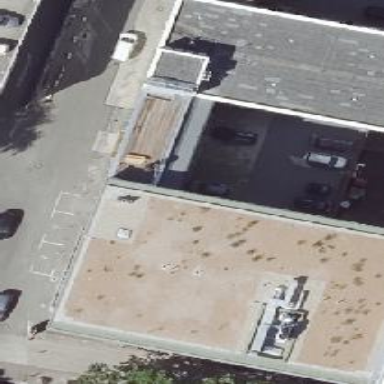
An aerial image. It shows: Commercial building.
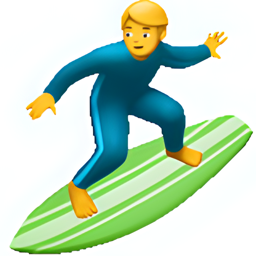
Name: surfer
Emoji: 🏄
Group: People & Body
Sub-group: person-sport
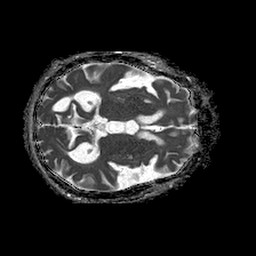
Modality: ADC
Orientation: axial
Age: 82
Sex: female
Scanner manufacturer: philips
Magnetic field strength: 1.5 T
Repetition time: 4.6 s
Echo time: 0.08631 s
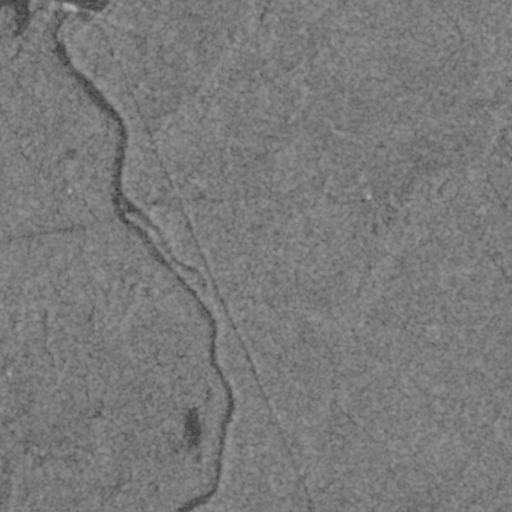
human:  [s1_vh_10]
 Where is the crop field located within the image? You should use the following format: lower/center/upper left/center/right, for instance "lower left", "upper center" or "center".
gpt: The crop field is located in the upper right of the image.
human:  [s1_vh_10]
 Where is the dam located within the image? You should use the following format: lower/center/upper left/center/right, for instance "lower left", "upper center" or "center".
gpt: The dam is located in the upper left of the image.
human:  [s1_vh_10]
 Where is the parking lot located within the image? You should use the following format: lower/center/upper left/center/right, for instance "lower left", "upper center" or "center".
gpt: The parking lot is located in the center left of the image.
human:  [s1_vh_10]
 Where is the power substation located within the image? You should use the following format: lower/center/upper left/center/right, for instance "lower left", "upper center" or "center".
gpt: The power substation is located in the upper left of the image.
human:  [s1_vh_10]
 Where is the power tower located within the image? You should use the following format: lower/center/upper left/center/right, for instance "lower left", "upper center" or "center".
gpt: There is no power tower in the image.

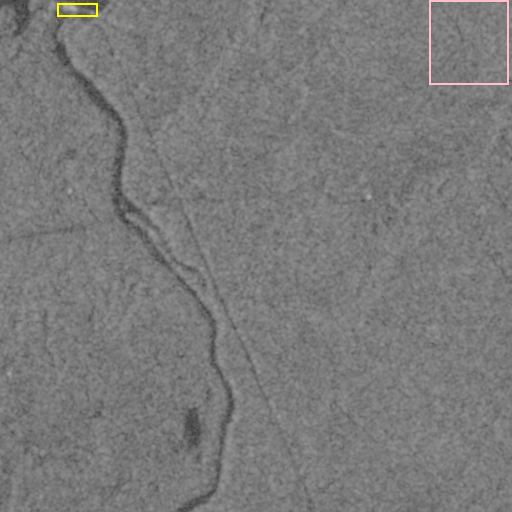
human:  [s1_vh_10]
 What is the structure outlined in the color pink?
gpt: The structure outlined in pink is a crop field.
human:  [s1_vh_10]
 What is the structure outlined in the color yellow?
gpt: The structure outlined in yellow is a dam.
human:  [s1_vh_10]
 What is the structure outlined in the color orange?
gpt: There is no orange outline.
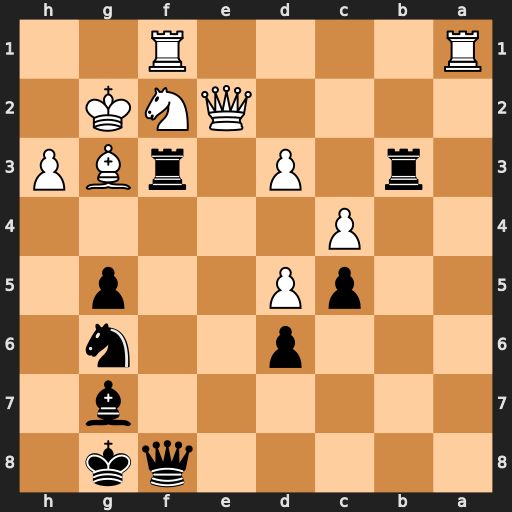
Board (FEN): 5qk1/6b1/3p2n1/2pP2p1/2P5/1r1P1rBP/4QNK1/R4R2
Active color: b
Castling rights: -
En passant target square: -
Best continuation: Rxg3+ Kxg3 Be5+
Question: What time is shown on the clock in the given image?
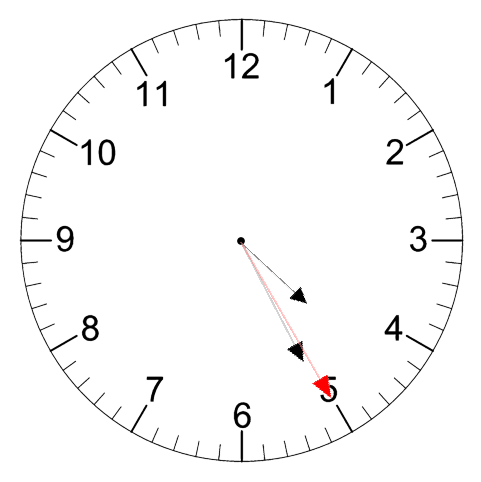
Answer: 04:25:25
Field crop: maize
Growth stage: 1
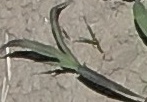
Species: sorghum
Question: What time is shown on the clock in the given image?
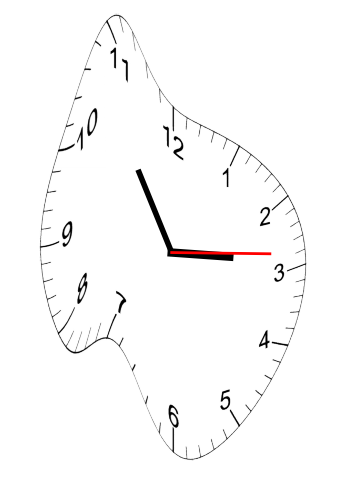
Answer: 02:54:14
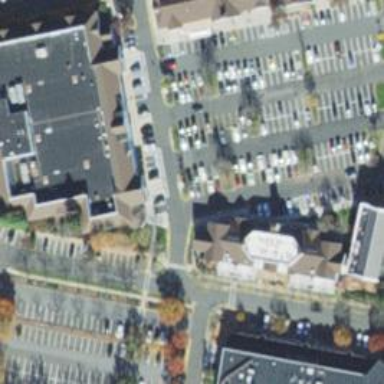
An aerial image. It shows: Parking space.
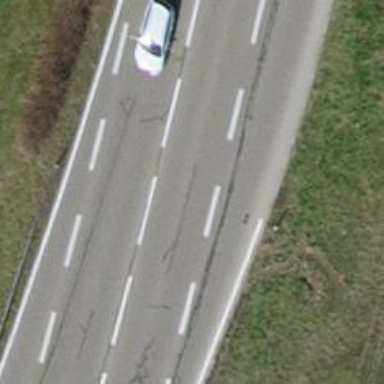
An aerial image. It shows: Primary highway.
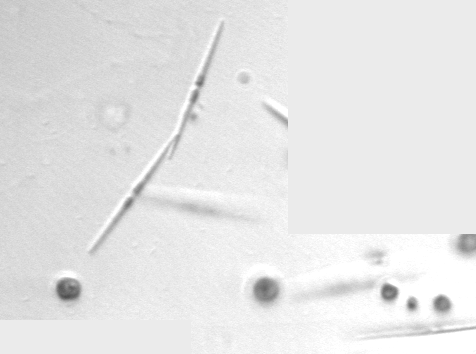
Label: Phaeocystis_debris
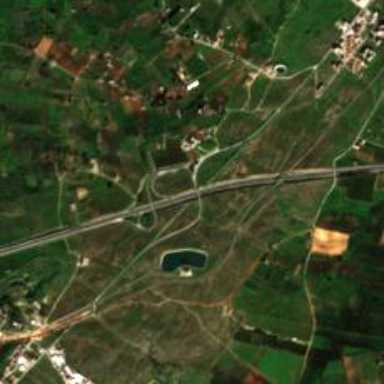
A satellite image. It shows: Motorway junction.
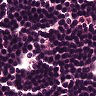
Metastatic tissue present: no
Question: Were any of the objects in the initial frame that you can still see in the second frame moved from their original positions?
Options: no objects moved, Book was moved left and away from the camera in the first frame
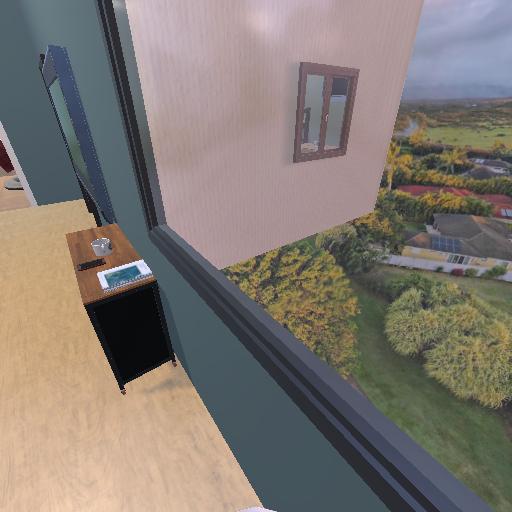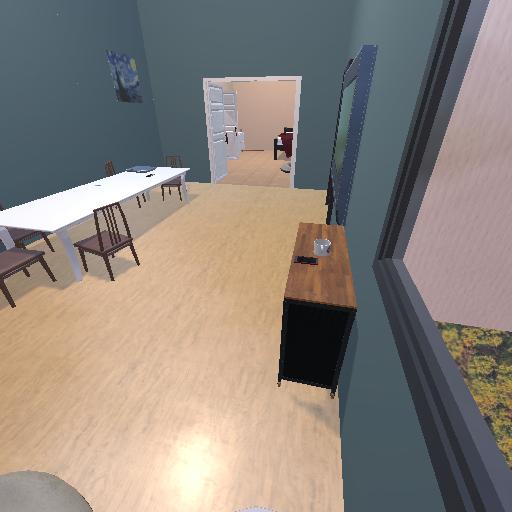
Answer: no objects moved
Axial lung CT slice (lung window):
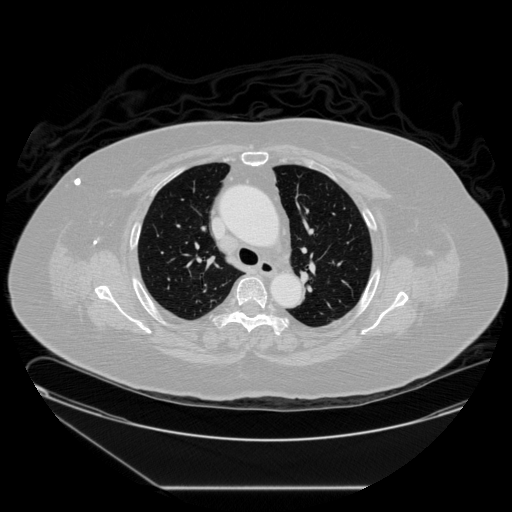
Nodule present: no
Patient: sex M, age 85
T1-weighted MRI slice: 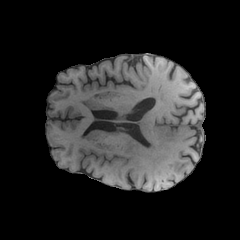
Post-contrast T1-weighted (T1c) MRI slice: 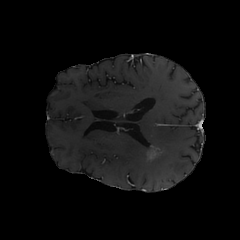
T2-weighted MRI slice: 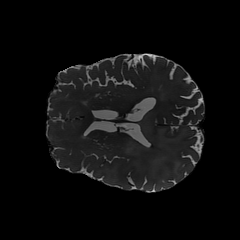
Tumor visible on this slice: yes
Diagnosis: Glioblastoma, IDH-wildtype
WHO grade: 4

--------------------

* _Exercise aim_
State how many lines of the listing above include the string "What", with no words around the number.

* _Answer to the problem_
5